By: Emma Eilbeck BA (hons) - Updated: 10 Mar 2013 | comments*Discuss
 
Deposit Joint Mortgage Guarantor

The bank of mum and dad has long offered first-time buyers with a helping hand when getting on the housing ladder.This doesn’t just have to mean them putting down a deposit on the property, but they can actually share the mortgage or act as a guarantor mortgage for you.

Sharing your first property with your parents may not have always been quite what you imagined when you thought of escaping from the family home, but if they are willing to help you then it could give you the boost you need to get your first property.

It also need not stop at your parents, a more appealing choice might be to share with a brother or a sister or even an aunt or an uncle.If you are going to share a mortgage with anybody then one of the safest routes is to share with a family member, as you will know them well. If it is someone like your parents they have also probably gone through the house buying experience themselves, so you will have the added benefit of having some experience on your side.

What are the Options?

There are two ways that a family member can help you get on the property ladder. The first is for you to take out a joint mortgage, this would involve you both having responsibility for paying the mortgage. It could be that one of you owns a larger percentage of the property or it could be split.If you do decide on this option and it is with a parent then it is probably worth looking at the mortgage share as an investment and something that will not only benefit you but them as well. Hopefully they won’t want to live in the house with you, but you should make sure you both know what limits and ground rules will be imposed before you sign the contract.

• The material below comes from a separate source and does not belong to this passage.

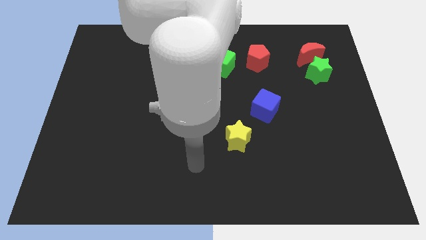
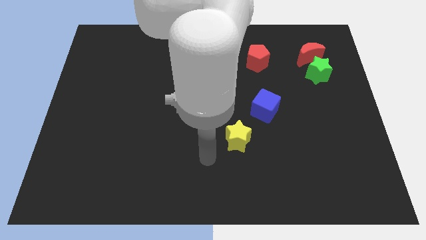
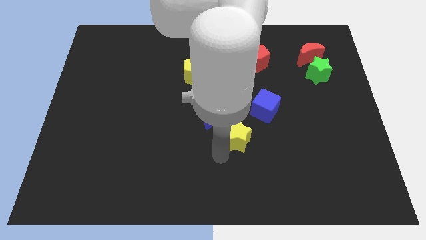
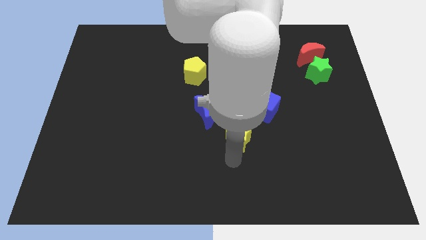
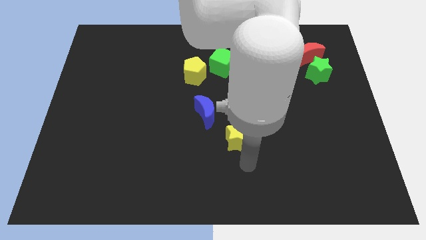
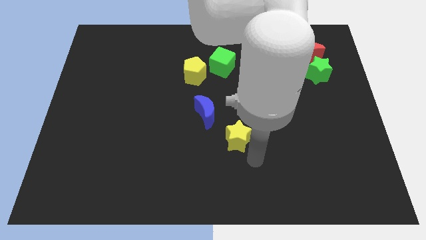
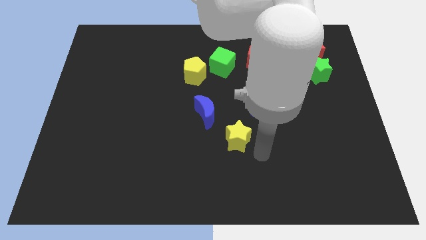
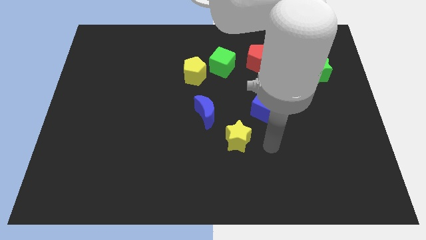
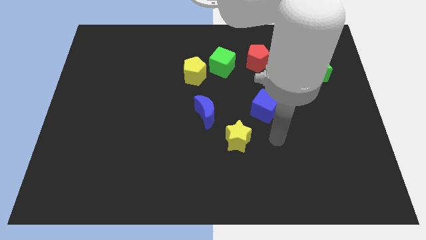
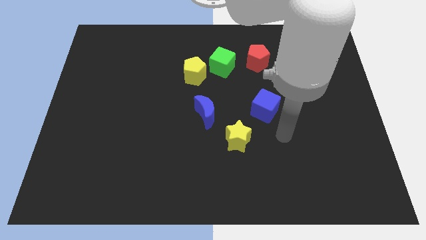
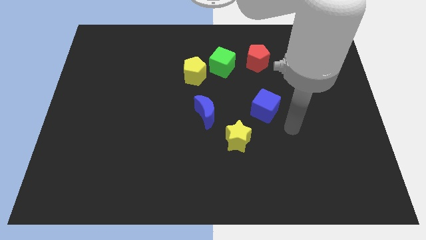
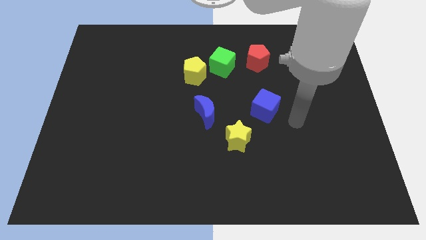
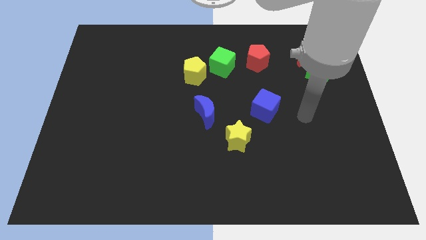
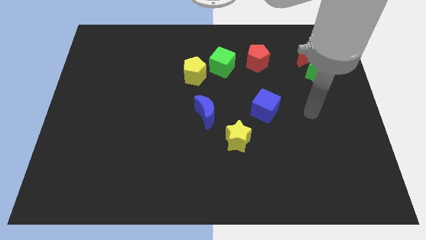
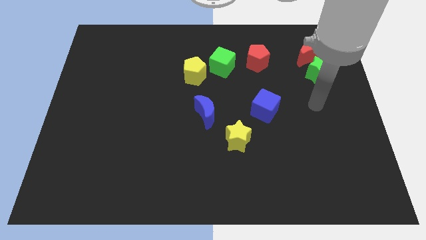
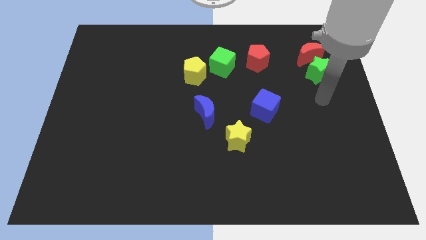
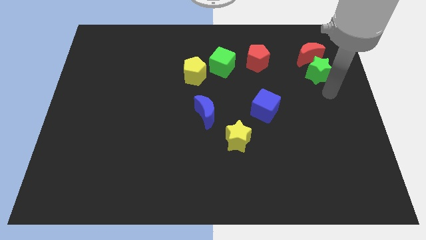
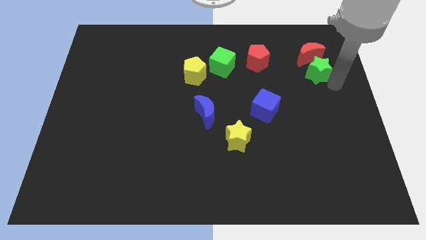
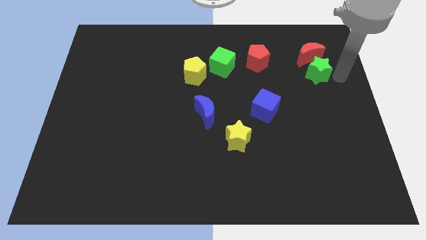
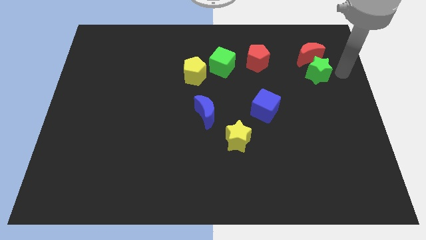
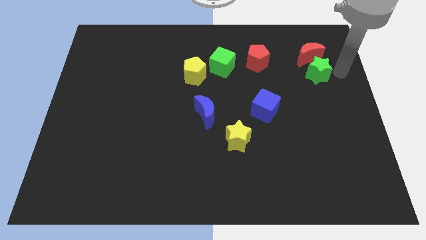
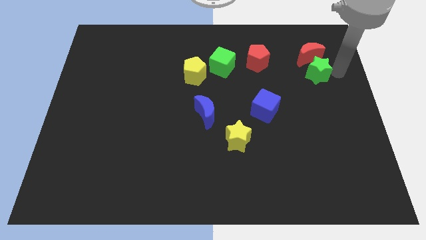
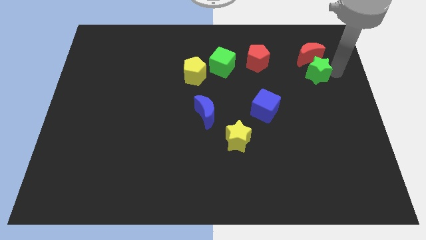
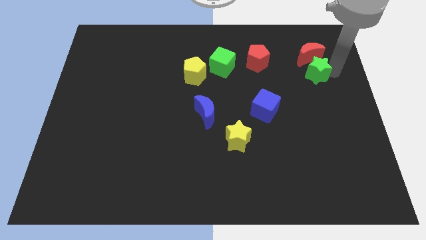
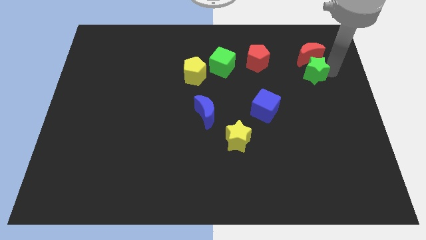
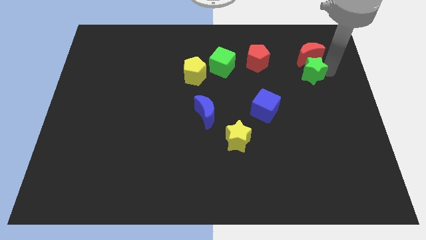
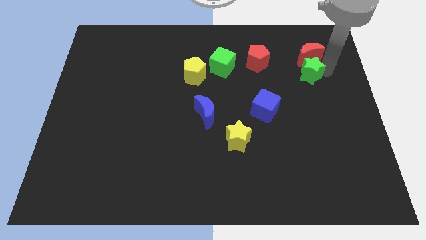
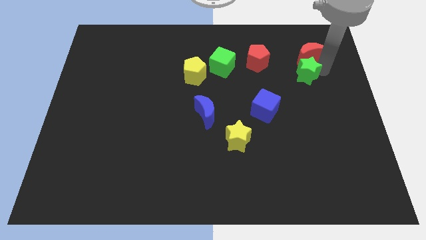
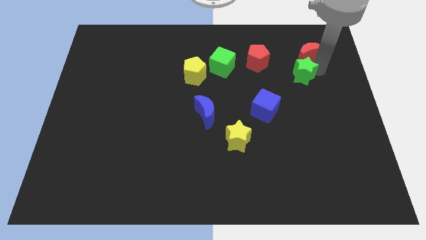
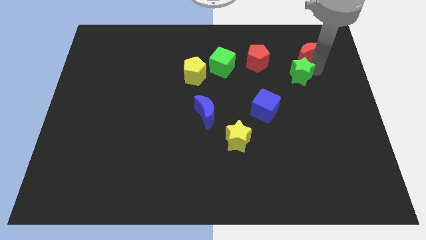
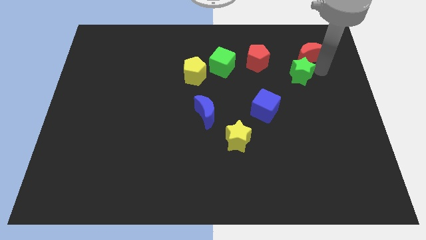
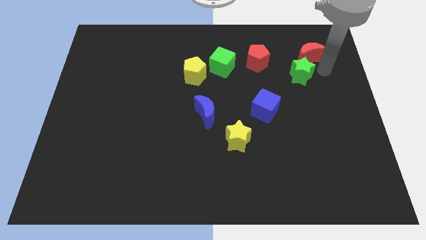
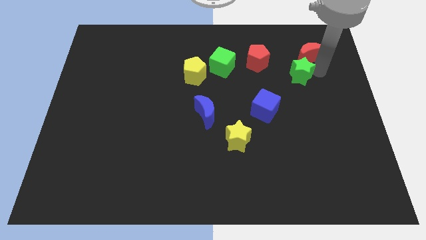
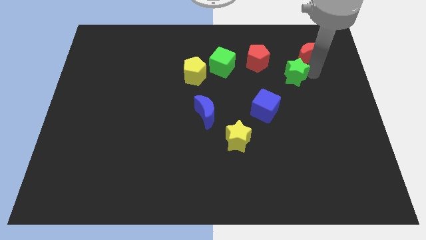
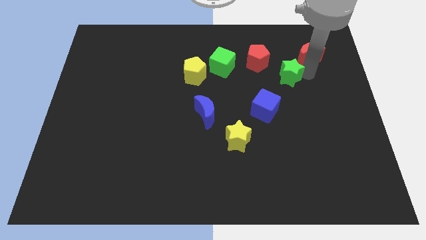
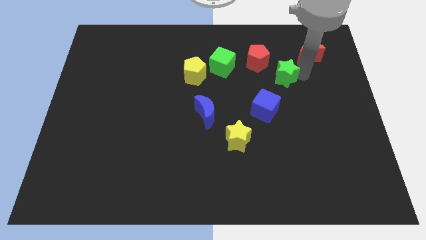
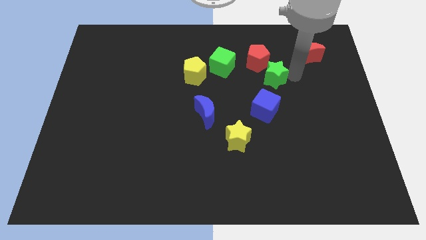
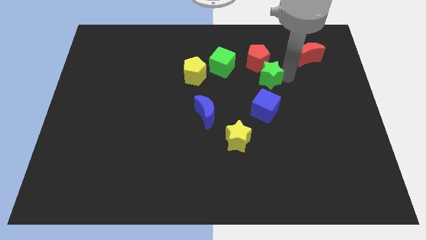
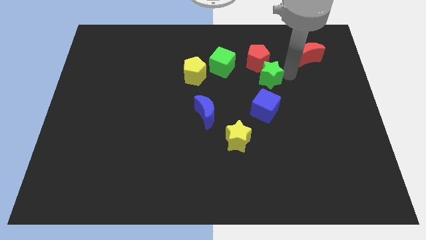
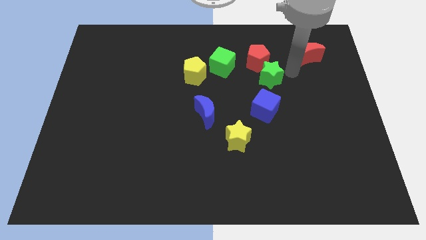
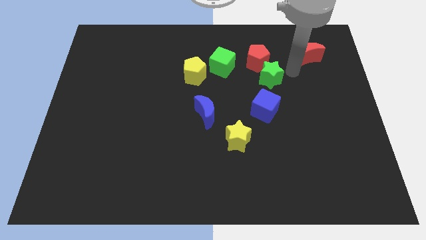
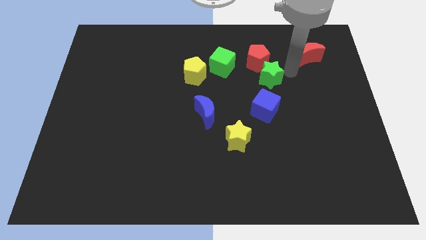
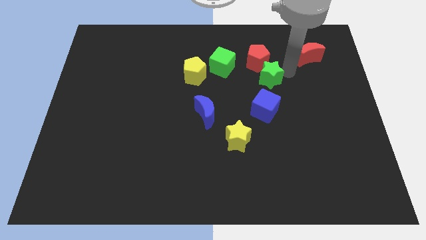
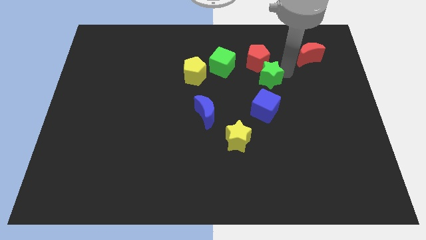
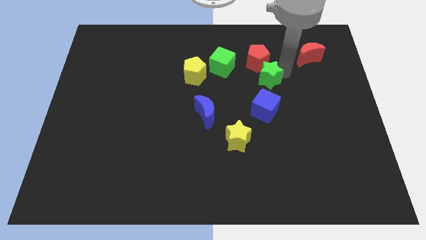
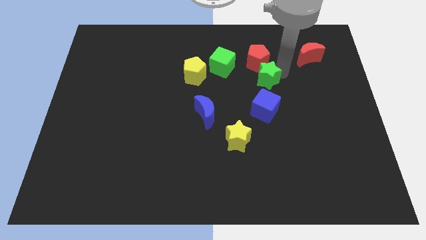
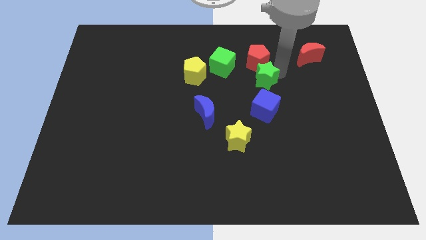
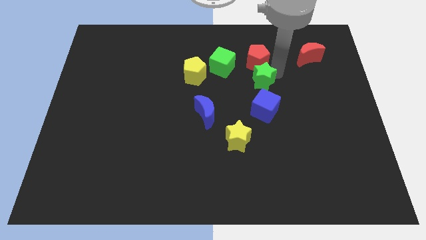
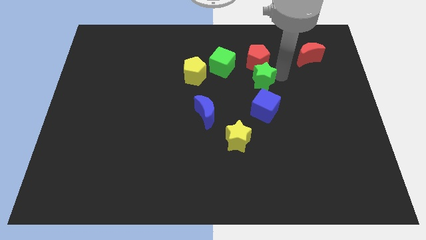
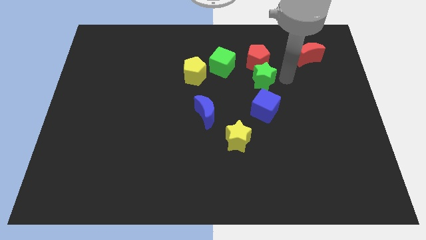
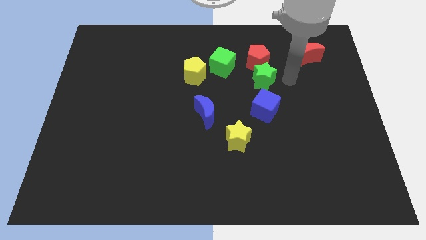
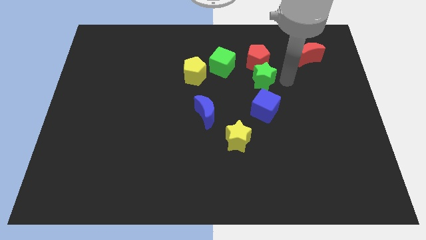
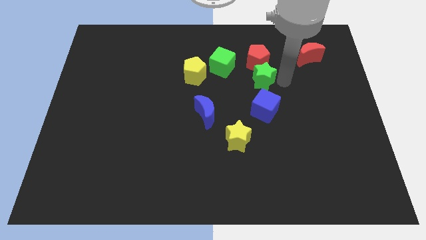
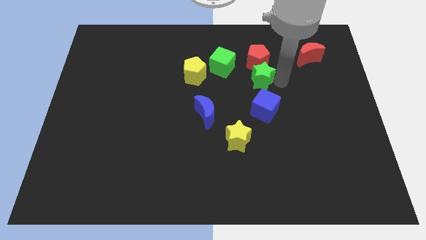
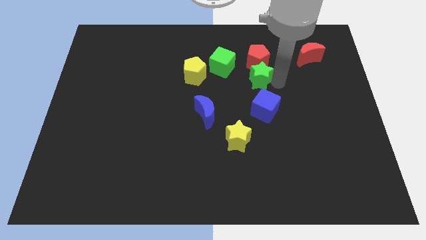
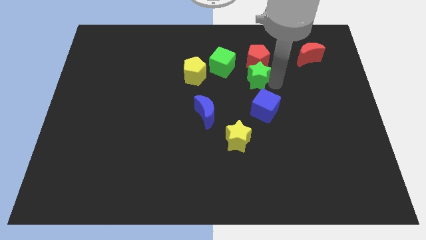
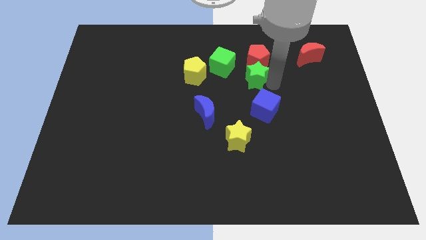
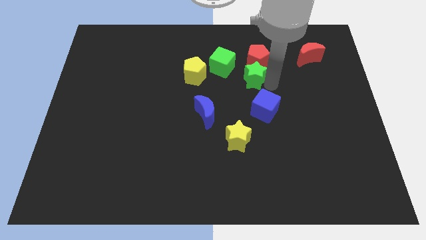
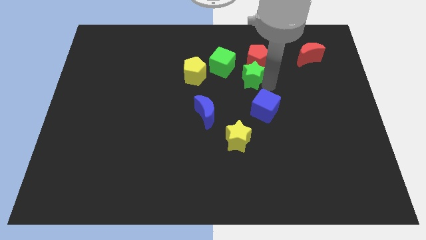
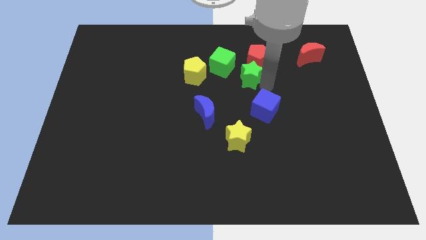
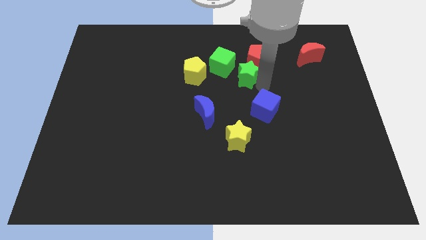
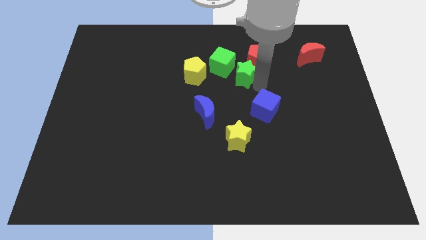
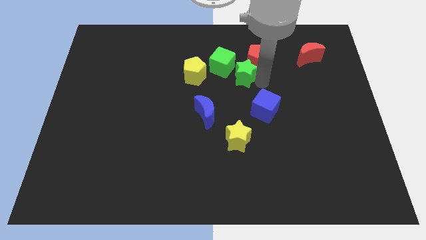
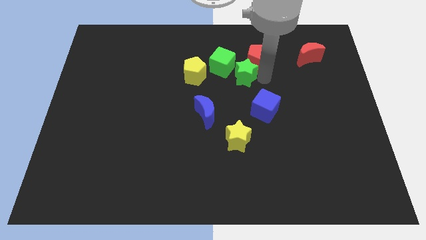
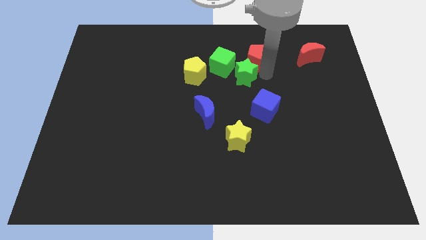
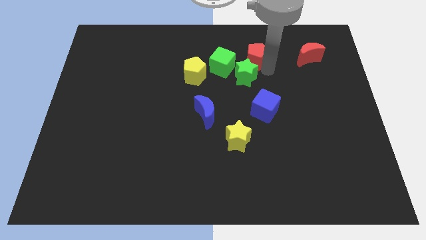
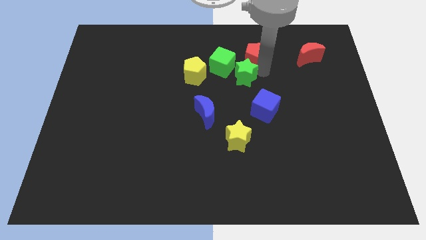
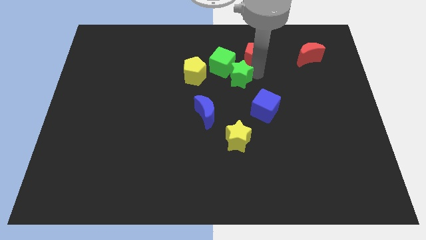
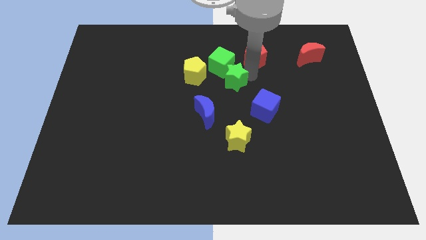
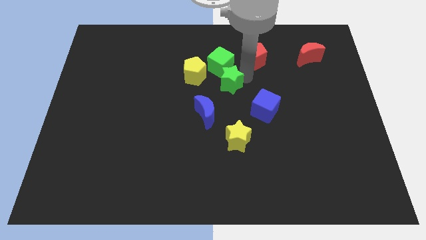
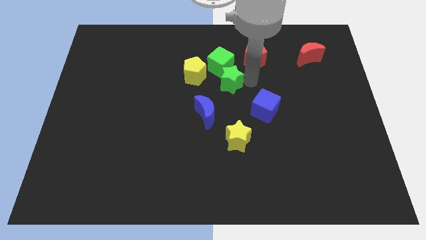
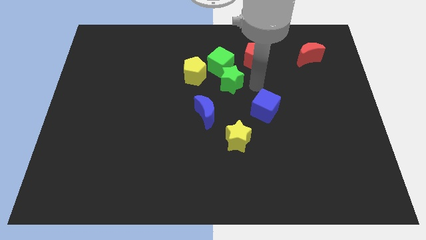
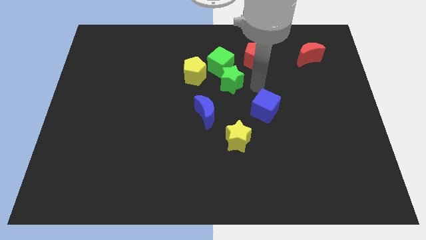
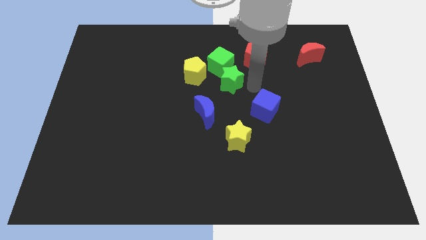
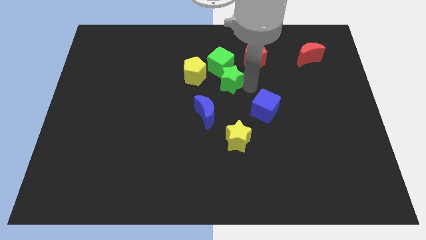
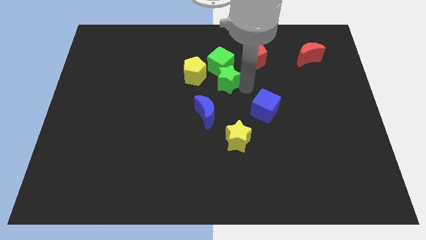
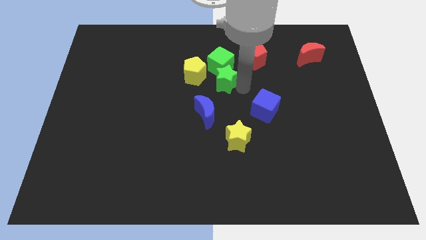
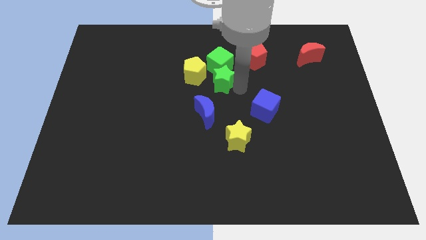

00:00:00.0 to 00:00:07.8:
slide the green star diagonally down and to the left of the green cube

If you choose to share with someone like a sister or a brother then it is more likely that you will both live in the property together, which is fine if you both get on. Your parents could buy the property for both of you to live in, but all four or three of you would take out the mortgage together.

Another option is to have your parents or parent act as a guarantor for the mortgage. This means your name will still be on the mortgage, but if you can’t make any of the payments then responsibility will be passed over to them and they will legally have to pay for the mortgage. The lender will take this into account when they consider how much they are willing to lend to you. They will often view it as less risky if they have a guarantee from your parents that they will be able to pay the mortgage. However if your parents already have their own mortgage to pay this might not be a wise choice.

Blood is thicker than water, so sharing a mortgage with a family member is probably one of the safest routes you can take when sharing a mortgage. It is important that both parties know where they stand and who will live in the property and who will not, if you get on with your family then this option is probably worth considering, if you don’t though you may want to think twice.